Valid 191200Z - 241200Z

...DISCUSSION...
Relatively zonal mid-level flow will be positioned over much of the
US by the end of this week, prior to a trough digging across the
southwestern US this weekend. Subsequently, increasing flow across
the Rockies will induce lee troughing/cyclogenesis during this time
frame. In response, southerly low-level flow across the southern
Plains and lower Mississippi Valley will aid in modifying the
remnant continental air mass from the prior week. As the mid-level
trough ejects east across the Plains, showers and thunderstorms will
become more likely, primarily on D6/Sunday. Some potential for
severe weather may exist, augmented by potent mid/upper wind fields
overspreading the south-central US. However, considerable
uncertainty remains regarding the quality of boundary-layer moisture
return (and related surface-based buoyancy) in the wake of a
shortwave trough crossing the Gulf this weekend.
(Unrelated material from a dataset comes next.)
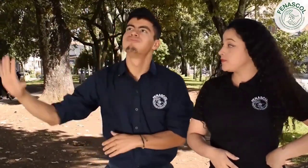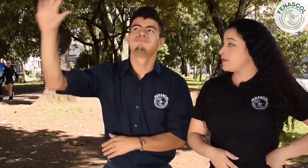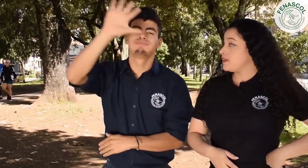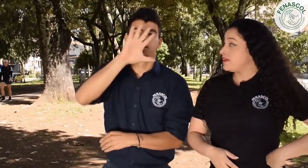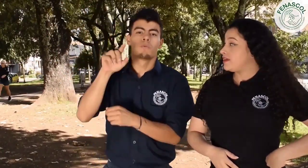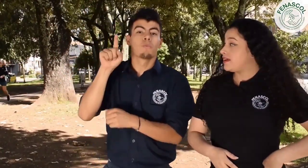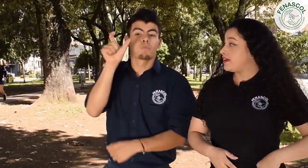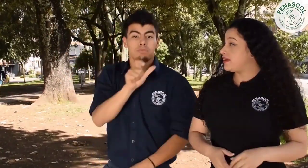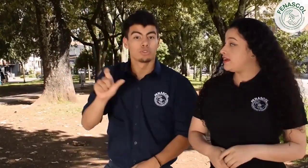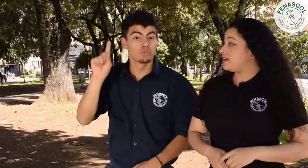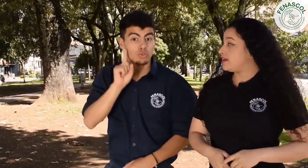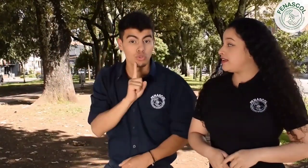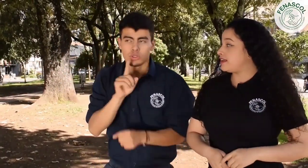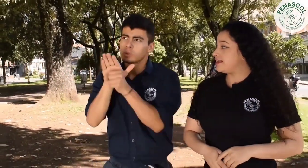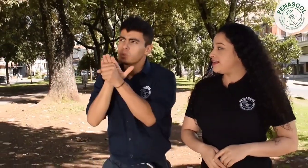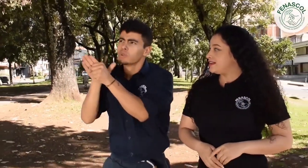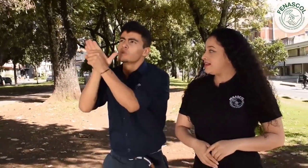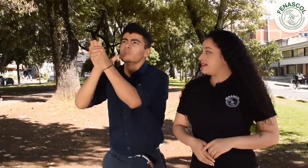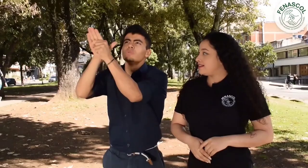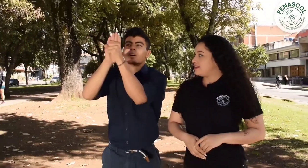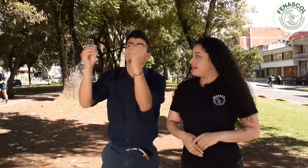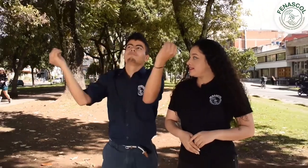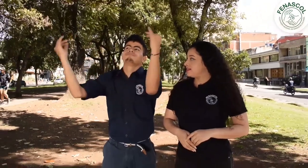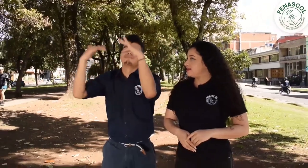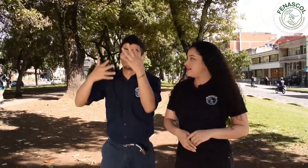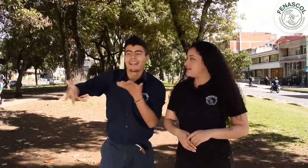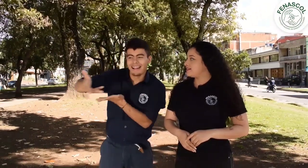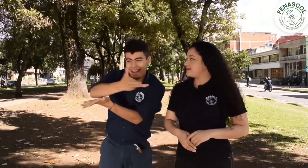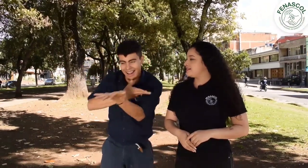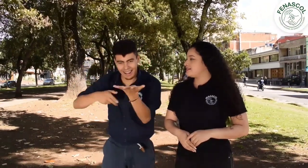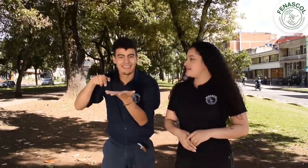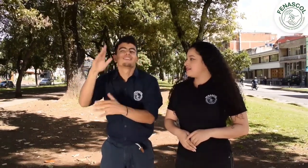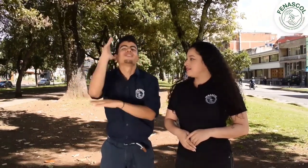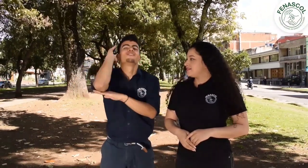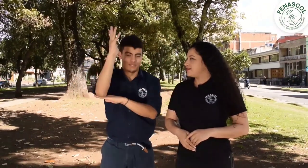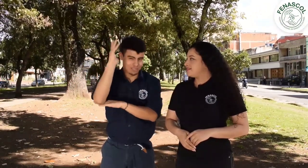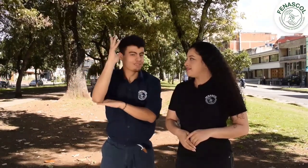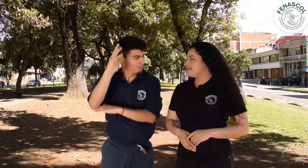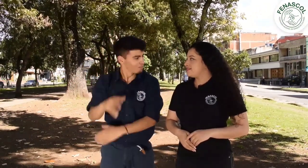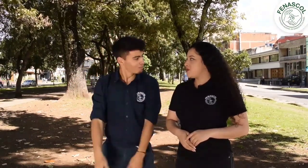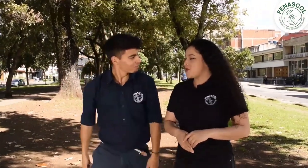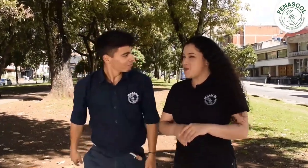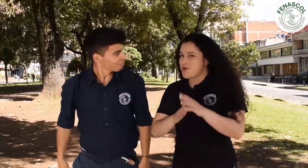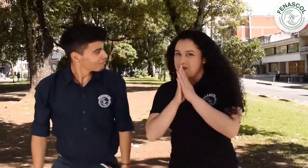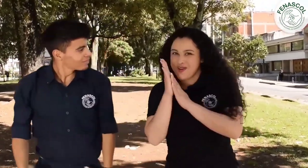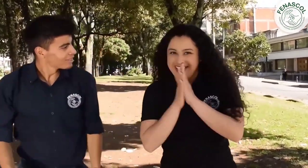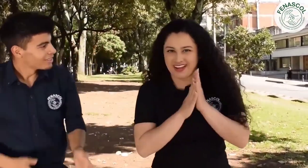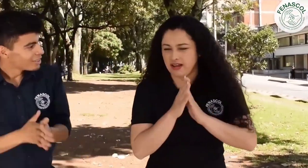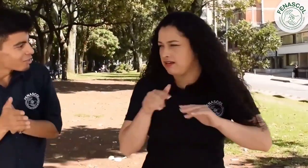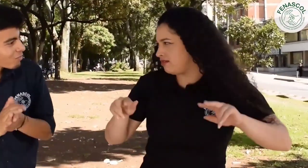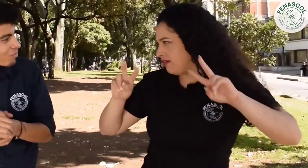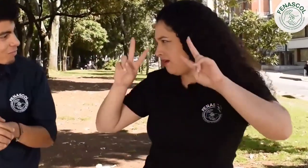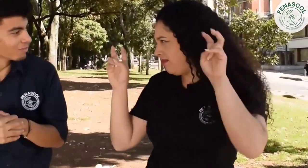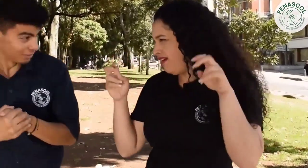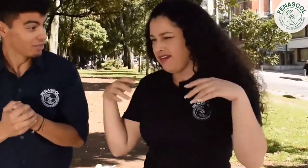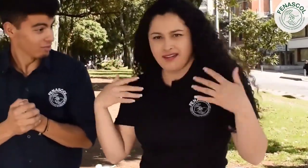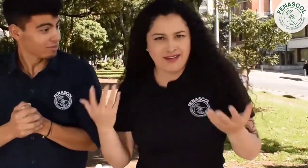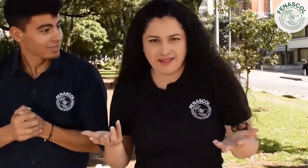acerca de la situación de la persona sorda en Colombia. Sí, el tema

Indeed, ensemble
ECMWF data suggest quite low probabilities for MUCAPE greater than
250 J/kg over Texas and Louisiana. Therefore, while some severe
threat may evolve by D6/Sunday, predictability remains too low for a
15% area at this time.

Thereafter, more notable low-level moisture return may materialize
ahead of a deepening western-US trough early next week (primarily
D8/Tuesday and beyond). More substantial buoyancy could yield a
greater severe potential, but the progressive/uncertain nature of
the pattern (combined with inherent uncertainty at this forecast
range) casts too much doubt for probabilities at this time.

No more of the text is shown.